At the current stage and rate of the crisis, the trucker shortage will soon make the priest shortage look more manageable. And there is little hope of restoring order to the blocked supply chain over time, or with overtime, or with adding another competitor in the last mile step of the chain.


The solution? Here are three practical steps.

  1. Tax excessive (global) transportation to reflect its externalities, especially pollution and carbon. To have the Pacific transit of a pair of $150, cheap labor athletic shoes cost about a nickel makes no sense in any sense of the word, with foreign labor and global shipping so negligible. This leads to second step.

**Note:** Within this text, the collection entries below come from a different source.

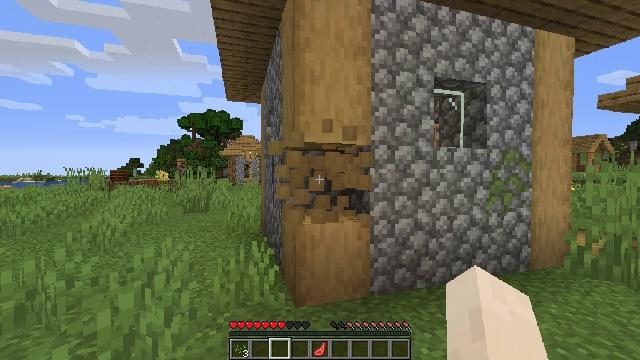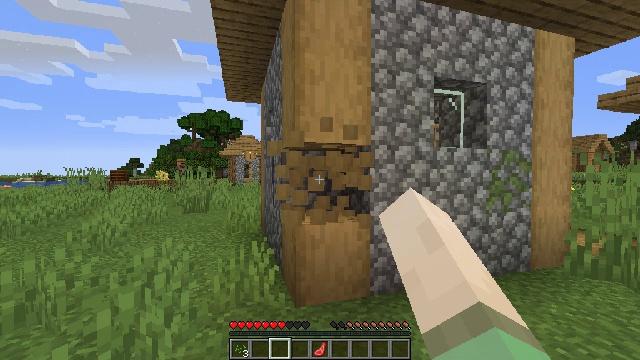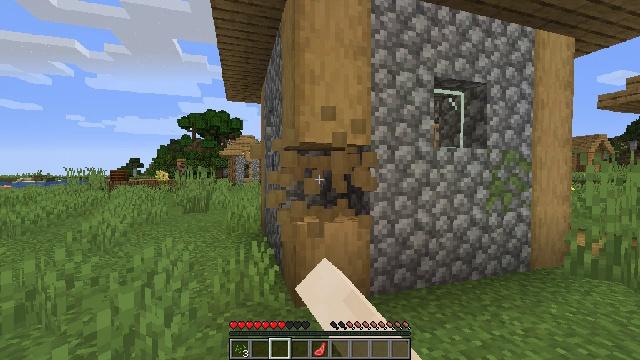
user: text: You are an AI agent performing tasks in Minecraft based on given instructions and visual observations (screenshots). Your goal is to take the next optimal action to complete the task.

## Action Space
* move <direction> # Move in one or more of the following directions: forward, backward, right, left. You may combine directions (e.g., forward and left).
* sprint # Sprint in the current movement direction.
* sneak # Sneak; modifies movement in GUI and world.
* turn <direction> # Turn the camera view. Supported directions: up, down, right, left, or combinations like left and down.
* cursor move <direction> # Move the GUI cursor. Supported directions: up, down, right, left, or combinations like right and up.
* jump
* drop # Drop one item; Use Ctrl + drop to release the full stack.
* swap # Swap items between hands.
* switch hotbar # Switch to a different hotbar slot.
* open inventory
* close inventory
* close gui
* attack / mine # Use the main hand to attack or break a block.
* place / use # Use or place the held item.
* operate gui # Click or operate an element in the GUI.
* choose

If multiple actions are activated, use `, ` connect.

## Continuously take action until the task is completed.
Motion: motion action
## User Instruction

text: Break the stripped oak log.
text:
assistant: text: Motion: attack / mine
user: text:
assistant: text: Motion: attack / mine
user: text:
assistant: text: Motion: attack / mine
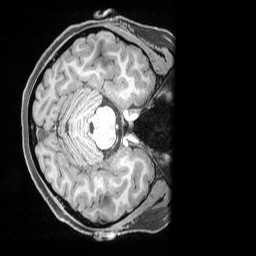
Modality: T1w
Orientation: axial
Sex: female
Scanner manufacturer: siemens
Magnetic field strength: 3 T
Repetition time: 2.53 s
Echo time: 0.00169 s

  2. Bring more manufacturing onshore, despite likely to be higher labor costs, to create jobs (and tax revenue) for those sitting out the economy now and to eliminate twenty to thirty days of delay in the supply chain.

  3. Encourage and direct more people -- starting with otherwise college-bound yet unprepared-for-college high school graduates -- to taking practical and well-paid service jobs, such as port facility or UPS employees, while also increasing the compensation (and reducing expensive turnover) for those workers in the lower-paid part of the supply chain, starting with long-haul truckers who pay the price of delays in the supply chain. The Biden idea of subsidies, stimuli, "build back better," and immigration policies makes it very attractive for American citizens to withdraw from work and for poorly educated and low-skilled immigrants to come to America; the clear solution is more Americans working and more reasons for immigrants to apply their motivation to creating wealth in their home economy, rather than to make remittances from the USA one of the largest parts of some Latin American economies.

I am a proponent of the free market and competition, yet I know and I have seen the chaos and destruction that comes from completely unfettered actions by some actors in the market and the supply chain. No one wins with a cost or price war. Prices need to reflect the costs to reach the customer, just as wages need to reflect the cost of turnover. If jobs are so simple that they can be automated, then do that. Yet, if skilled workers are valuable, then turnover has to be reduced. If work conditions are such that people can't take on the job for long, then the work conditions have to be improved; churning employees is a losing proposition.